Written by Yuhua Zhang, GEI Associate
According to various media reports, Chinese government departments, and China’s central bank, China GDP growth rate in 2015 may be cut to “around” 7% which is the lowest since global financial crisis in 2008.
The growth target is set to be announced by Chinese Premier Keqiang Li at the annual parliament session in March. It is believed that the 7% target would be the bottom line to Chinese government – but the 7% was not meant as an exact number.
There seems two main reasons that will throttle the growth of Chinese GDP.
Slowdown in real estate investment: The deceleration of Chinese economic expansion is mainly because of the continuous slowdown in real estate investment. According to the forecast by JPMorgan Chase, Chinese growth rate of real estate investment in 2015 may be around 5% to 6%, which further slows down compared with that in 2014. The continuous downside trend in real estate investment will cause further pressure to the demands of land sales and relevant industries.

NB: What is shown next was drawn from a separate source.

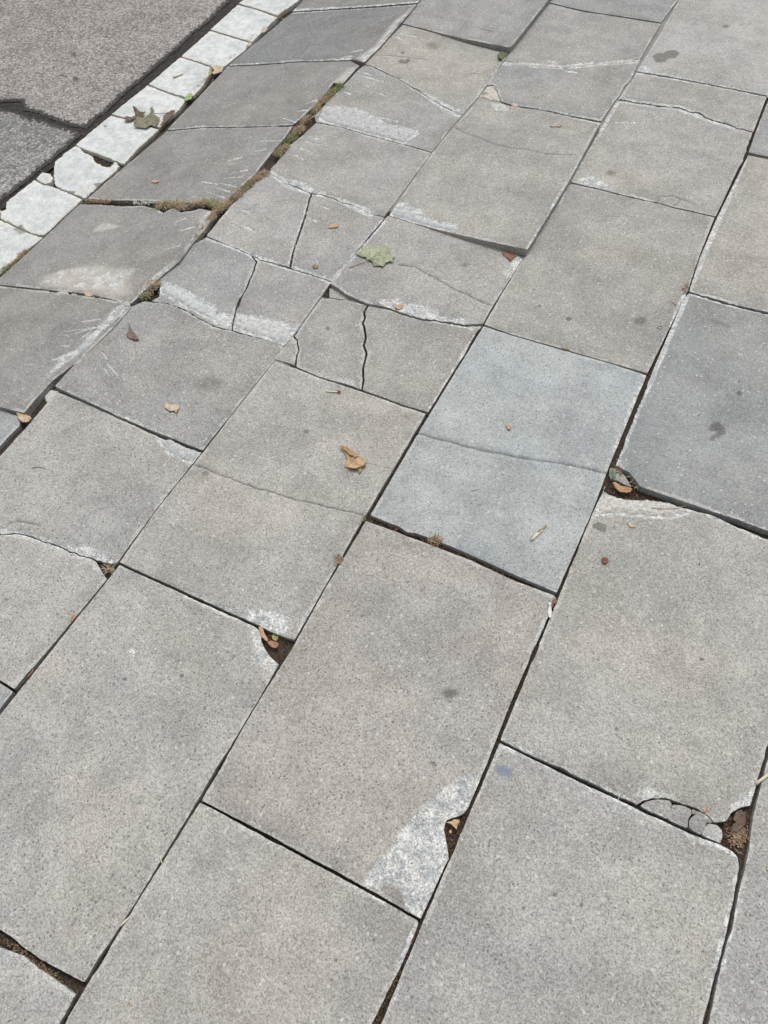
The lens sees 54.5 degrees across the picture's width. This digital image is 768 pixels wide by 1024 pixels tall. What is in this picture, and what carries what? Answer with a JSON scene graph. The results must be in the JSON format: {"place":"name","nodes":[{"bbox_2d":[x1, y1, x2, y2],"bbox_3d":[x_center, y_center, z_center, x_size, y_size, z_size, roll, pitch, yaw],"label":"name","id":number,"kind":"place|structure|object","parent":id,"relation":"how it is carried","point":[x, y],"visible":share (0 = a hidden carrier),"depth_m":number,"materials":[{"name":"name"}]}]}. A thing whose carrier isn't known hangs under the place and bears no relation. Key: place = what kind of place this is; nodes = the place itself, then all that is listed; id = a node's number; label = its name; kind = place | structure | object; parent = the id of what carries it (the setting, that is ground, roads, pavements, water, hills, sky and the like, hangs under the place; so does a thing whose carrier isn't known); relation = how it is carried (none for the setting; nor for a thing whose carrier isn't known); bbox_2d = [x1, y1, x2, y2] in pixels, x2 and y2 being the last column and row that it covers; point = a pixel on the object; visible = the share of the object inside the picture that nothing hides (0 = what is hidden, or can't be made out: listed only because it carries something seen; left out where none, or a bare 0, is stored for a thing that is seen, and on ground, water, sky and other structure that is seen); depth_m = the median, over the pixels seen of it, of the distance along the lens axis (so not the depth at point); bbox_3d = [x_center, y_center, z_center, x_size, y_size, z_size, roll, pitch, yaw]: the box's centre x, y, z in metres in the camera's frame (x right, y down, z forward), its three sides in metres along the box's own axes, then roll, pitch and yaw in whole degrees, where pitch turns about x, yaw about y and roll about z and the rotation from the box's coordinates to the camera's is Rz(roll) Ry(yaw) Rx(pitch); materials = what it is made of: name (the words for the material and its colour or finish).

Excess production capacity: Due to the situations that foreign market demand is hard to rise significantly; domestic demand is stable in the recent several years; the relative shortage of technological innovation, the excess investment in productions brings too much supplies in Chinese market. Xuesong Li, the deputy director of Institute of Economics in Chinese Academy of Social Sciences, analyzed that although China has achieved positive results in defusing the problem of excess production capacity in recent several years, the problem is still one of the main factors to restrain Chinese economic operation in 2015 because the excess supplies are long-term accumulated and there still have some more new production capacity being released from past investments.
Nevertheless, although it is a consensus that Chinese GDP growth will slow down in 2015, most of economists deem the rate will not drop below 7%. Yang Yao, the dean of National School of Development at Peking University, states that Chinese economy has entered into transitional period. During the period, it is normal to perform that economic growth slows down; service industry becomes the leading industry in Chinese economy; domestic demands become more and more important; income distribution is improved. He also deems that it is no problem to maintain the growth rate between 7% and 7.5% after the promotion of labor efficiency.
Furthermore, Andrew Tilton, chief Asia Pacific economist in Global Investment Research at Goldman Sachs, proposes that the key points for Chinese policymakers to manage the economy are to stabilize labor market and move forward on structural reforms.